TRegex is an implementation of a subset of ECMAScript regular expressions that uses the GraalVM compiler and Truffle API to execute regular expressions in an efficient way. Its role is to provide support for Truffle languages that need to expose regular expression functionality. In its current iteration, TRegex provides an implementation of ECMAScript regular expressions (ECMAScript regular expressions are based on the widely popular Perl 5 regular expressions). A distinguishing feature of TRegex is that it compiles regular expressions into finite-state automata. This means that the performance of searching for a match is predictable (linear to the size of the input). On the other hand, some features of ECMAScript regular expressions (notably backreferences and complex lookbehind assertions) are not supported and users of TRegex must supply a fallback implementation of regular expressions to handle such cases.
Unlike most regular expression engines which use backtracking, TRegex uses an automaton-based approach. The regex is parsed and then translated into a nondeterministic finite-state automaton (NFA). A powerset construction is then used to expand the NFA into a deterministic finite-state automaton (DFA). The resulting DFA is then executed when matching against input strings.

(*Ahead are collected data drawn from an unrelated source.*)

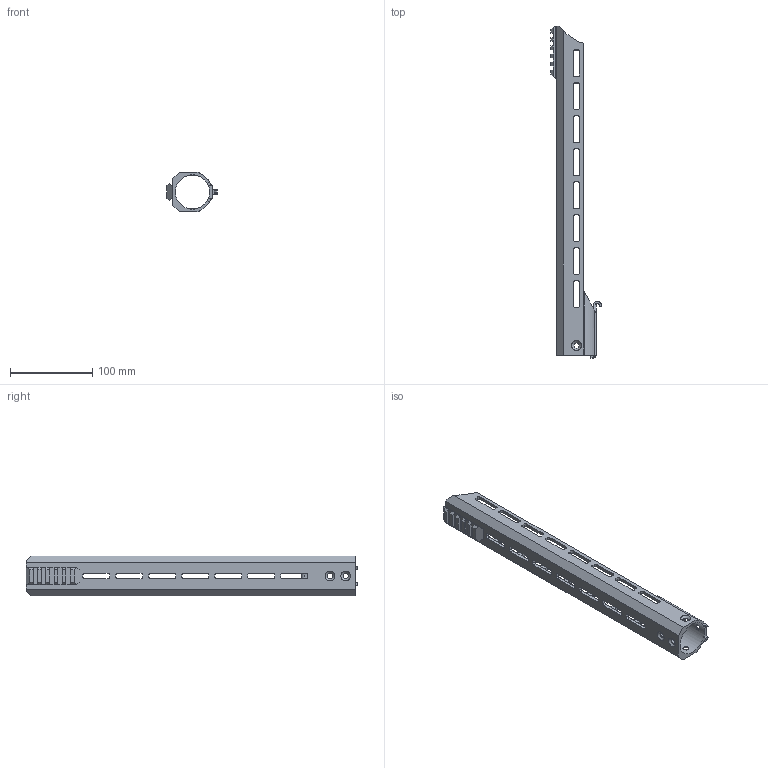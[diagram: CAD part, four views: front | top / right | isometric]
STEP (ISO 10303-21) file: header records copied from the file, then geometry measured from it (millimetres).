
FILE_DESCRIPTION(/* description */ (''),/* implementation_level */ '2;1');
FILE_NAME(/* name */ 'GARDE MAIN RUGER RPR AVEC CROCHET v2.step',/* time_stamp */ '2022-04-10T13:52:43+02:00',/* author */ (''),/* organization */ (''),/* preprocessor_version */ 'ST-DEVELOPER v18.1',/* originating_system */ 'Autodesk Translation Framework v10.14.0.1471',/* authorisation */ '');
FILE_SCHEMA (('AUTOMOTIVE_DESIGN { 1 0 10303 214 3 1 1 }'));
Length unit declared in the file: millimetre
Products named in the file (1): GARDE MAIN RUGER RPR
Bounding box: 61.2 x 404.07 x 48 mm (x, y, z)
Volume: 179060.3 mm3; surface area: 81503.5 mm2
Topology: 1 solids, 1 shells, 292 faces, 888 edges, 592 vertices
Faces by surface type: plane 173, cylinder 112, cone 6, torus 1
Full cylindrical faces by diameter (mm): 6.9 x6, 42 x1
Entity records: 10396 total; most frequent: CARTESIAN_POINT 2081, ORIENTED_EDGE 1776, DIRECTION 1699, EDGE_CURVE 888, LINE 619, VECTOR 619, VERTEX_POINT 592, AXIS2_PLACEMENT_3D 540

At that point, TRegex exploits the GraalVM compiler and Truffle to get efficient machine code when interpreting the DFA.
The benefit of using this approach is that finding out whether a match is found can be done during a single pass over the input string: whenever several alternative ways to match the remaining input are admissible, TRegex considers all of them simultaneously.
This is in contrast to backtracking approaches which consider all possible alternatives separately, one after the other.
This can lead to up to exponential execution times in specific adversarial cases (https://swtch.com/~rsc/regexp/regexp1.html).
Since TRegex adopts the automaton-based approach, the runtime of the matching procedure is consistent and predictable.
However, the downside of the automaton-based approach is that it cannot cover some of the features which are now commonly supported by regular expression engines (e.g., backreferences, such as in /([a-z]+)=\1/
, or lookbehind, such as in /(?<=a.+)b/
).
For this reason, TRegex only handles a subset of ECMAScript regular expressions and the rest must be handled by a fallback (backtracking) engine.
TRegex originated as part of the Graal JavaScript implementation, but is now standalone so implementers of other languages can use it to have a fast implementation of ECMAScript-like regular expressions.
The API of TRegex is accessible through Truffle's interop mechanisms.
The TruffleObject
s and AST nodes introduced by TRegex are grouped under a new Truffle language, RegexLanguage.
The javadoc of RegexLanguage contains pointers on how to use the TRegex API.
For an example of how to integrate TRegex into a language implementation, you can check out Graal JavaScript.
Setting up the engine is done in JSContext#getRegexEngine, compilation requests to the engine are sent from RegexCompilerInterface#compile and the compiled regular expression is executed in JSRegExpExecBuiltinNode.
The TRegexUtil class also shows how to write interop access wrappers for the methods and properties of the TruffleLanguage
objects.
TRegex supports ECMAScript regular expressions as described in the ECMAScript 2018 specification, with the exception of some omissions, which are listed in the table below:
Feature | TRegex |
---|---|
Backreferences | ❌ |
Negative lookaround1 | ❌ |
Full lookbehind2 | ❌ |
2: TRegex only supports lookbehind assertions that consist of literal characters or character classes.
We are currently working on implementing negative lookahead and more support for lookbehind in TRegex. On the other hand, full support of backreferences is out of scope for a finite-state automaton engine like TRegex.
TRegex is licensed under the GPL 2 with Classpath exception.